LangChain Observability: From Zero to Production in 10 Minutes

LangChain apps are powerful, but they’re not easy to monitor. A single request might pass through an LLM, a vector store, external APIs, and a custom chain of tools. And when something slows down or silently fails, debugging is often guesswork.

In one instance, a developer ended up with an unexpected $30,000 OpenAI bill, with no visibility into what triggered it. This blog shows how to avoid that using OpenTelemetry and LangSmith.

With this setup, you’ll be able to:

Spot expensive chains before they blow up your bill
Trace failures across tools, even when there’s no error
Sleep at night knowing you’ll catch issues before your users do

Why LangChain needs observability

In the last post, we looked at how LangChain apps behave differently from traditional ones and why that makes them harder to monitor. Here’s a quick recap:

1. Complex execution flows

A single user request might trigger 15+ LLM calls across multiple chains, models, and tools. If something breaks, you won’t know where or why unless you have tracing in place.

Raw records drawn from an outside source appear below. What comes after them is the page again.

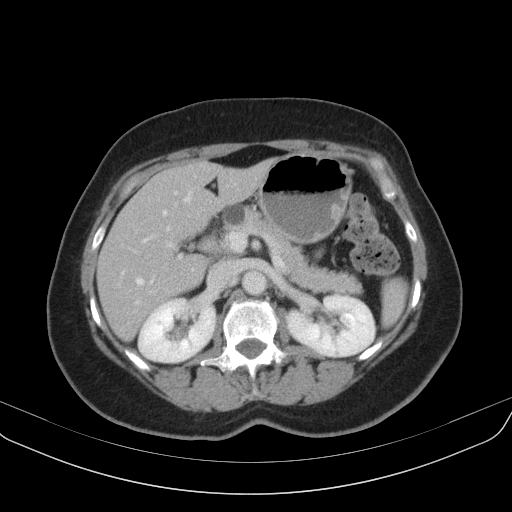 CT scan slice. Abdomen.
• pancreatic tumor: <bbox>223, 205, 246, 226</bbox>
• pancreas: <bbox>201, 203, 363, 296</bbox>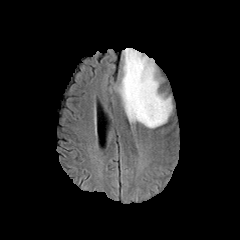
FLAIR MR.
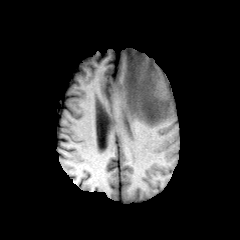
T1-weighted MRI of the same slice.
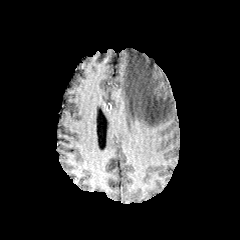
Post-contrast T1-weighted magnetic resonance.
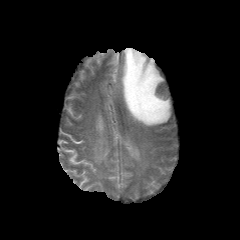
T2-weighted MR.
Brain.
edema: box=[117, 48, 172, 128]
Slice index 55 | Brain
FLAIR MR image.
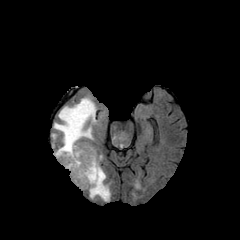
T1-weighted MR.
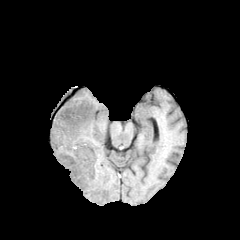
Post-contrast T1-weighted MR image.
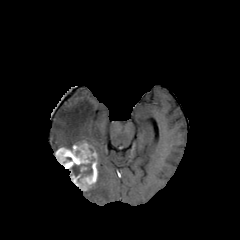
T2-weighted MR image.
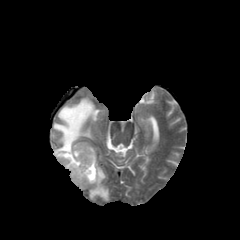
The enhancing tumor is at <box>55,144,97,189</box>. 2 non-enhancing tumor core regions appear at <box>74,142,97,169</box>, <box>71,164,92,175</box>. 2 edema regions are located at <box>52,97,97,147</box>, <box>86,161,110,201</box>.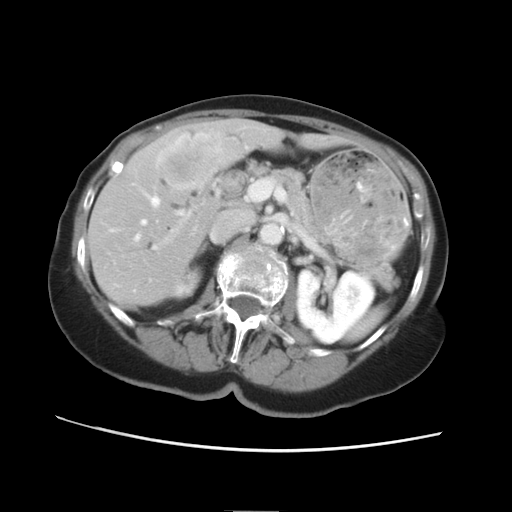

CT image. Image size 512x512. Abdomen.
The vessel boxes may cover only some of the vessels.
Findings:
- hepatic vessel: <box>154,245,157,248</box>, <box>178,211,188,215</box>, <box>152,198,158,204</box>
- liver tumor: <box>156,134,221,189</box>

2. Token costs escalate quickly

LLM usage adds up fast. Without visibility, teams often discover $2,000+ monthly bills from a chain that was calling the wrong model, or running more times than expected.

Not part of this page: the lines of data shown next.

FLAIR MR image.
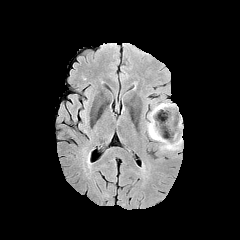
T1-weighted MRI.
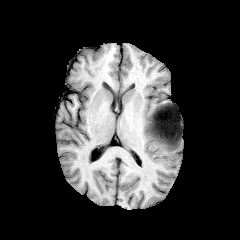
Post-contrast T1-weighted MR image.
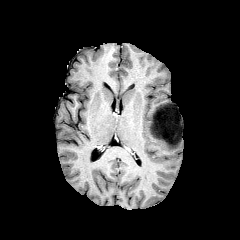
T2-weighted MR image.
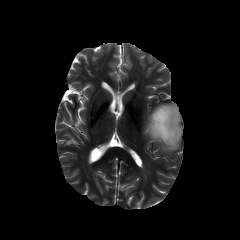
Brain
Edema: (145,103,182,150).
Non-enhancing tumor core: (162,111,176,140), (152,122,159,135).
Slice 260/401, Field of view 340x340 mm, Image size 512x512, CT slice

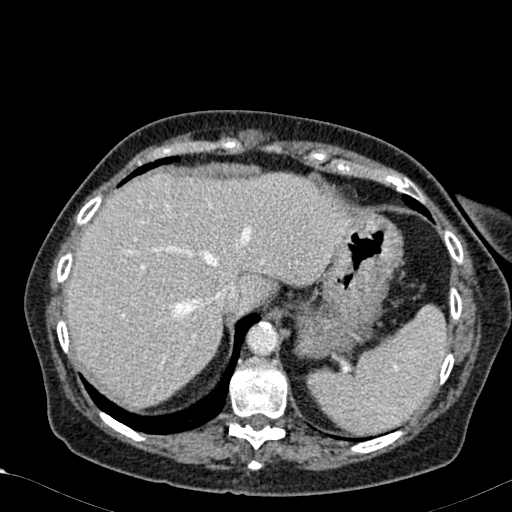

liver:
  - 68,172,351,406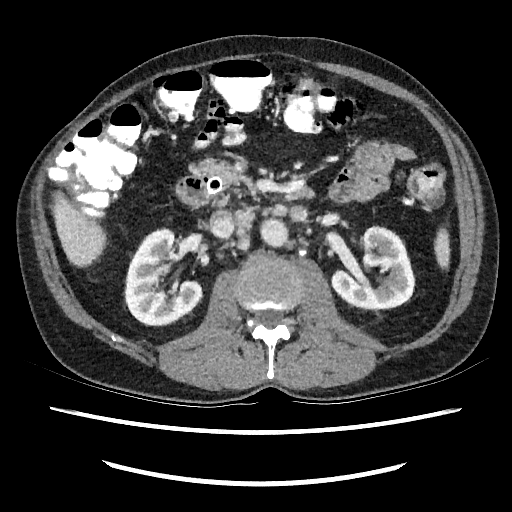

CT
{"kidney": [{"x1": 126, "y1": 230, "x2": 201, "y2": 324}, {"x1": 332, "y1": 228, "x2": 413, "y2": 308}], "liver": [{"x1": 55, "y1": 200, "x2": 103, "y2": 265}]}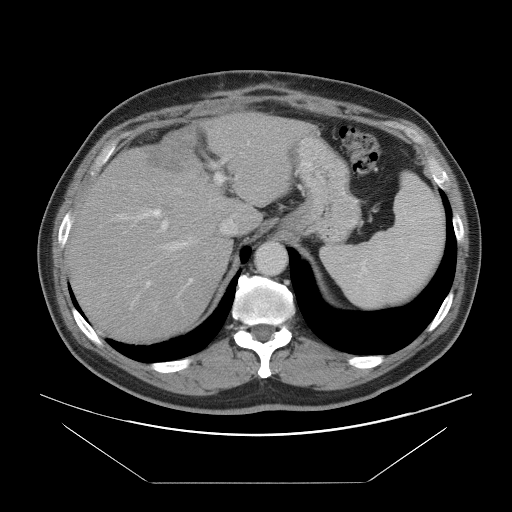

Abdomen; CT slice
Not every hepatic vessel necessarily has a box.
<segmentation>
  <hepatic_vessel>region(160, 221, 167, 230); region(132, 297, 136, 304); region(172, 241, 176, 242); region(235, 176, 237, 178); region(116, 214, 126, 219); region(187, 278, 192, 284); region(215, 172, 224, 182); region(178, 242, 184, 242); region(137, 209, 160, 218); region(182, 288, 183, 290); region(146, 281, 150, 285); region(210, 160, 224, 167)</hepatic_vessel>
  <liver_tumor>region(146, 131, 192, 170)</liver_tumor>
</segmentation>

3. Silent failures are common

LangChain doesn’t always throw errors. Chains can return empty results or partial outputs with no indication of what failed. You won’t see it unless you're watching closely.

4. Performance issues are hard to isolate

Is your app slow because of the LLM? The vector database? A third-party tool? Without basic timing data, it's all guesswork.

5. Debugging in production is painful

When something goes wrong in prod, you need context: which prompt ran, what model was used, how long it took, and whether it failed. Without that, you’re flying blind.

Start with built-in tracing before setting up anything custom.

Start with LangSmith Tracing

The easiest way to start tracing your LangChain app is by enabling LangSmith.

import os
os.environ["LANGCHAIN_TRACING_V2"] = "true"
os.environ["LANGCHAIN_API_KEY"] = "your_api_key"  # Get this from LangSmith

That’s it. Every chain run is now traced, no code changes needed.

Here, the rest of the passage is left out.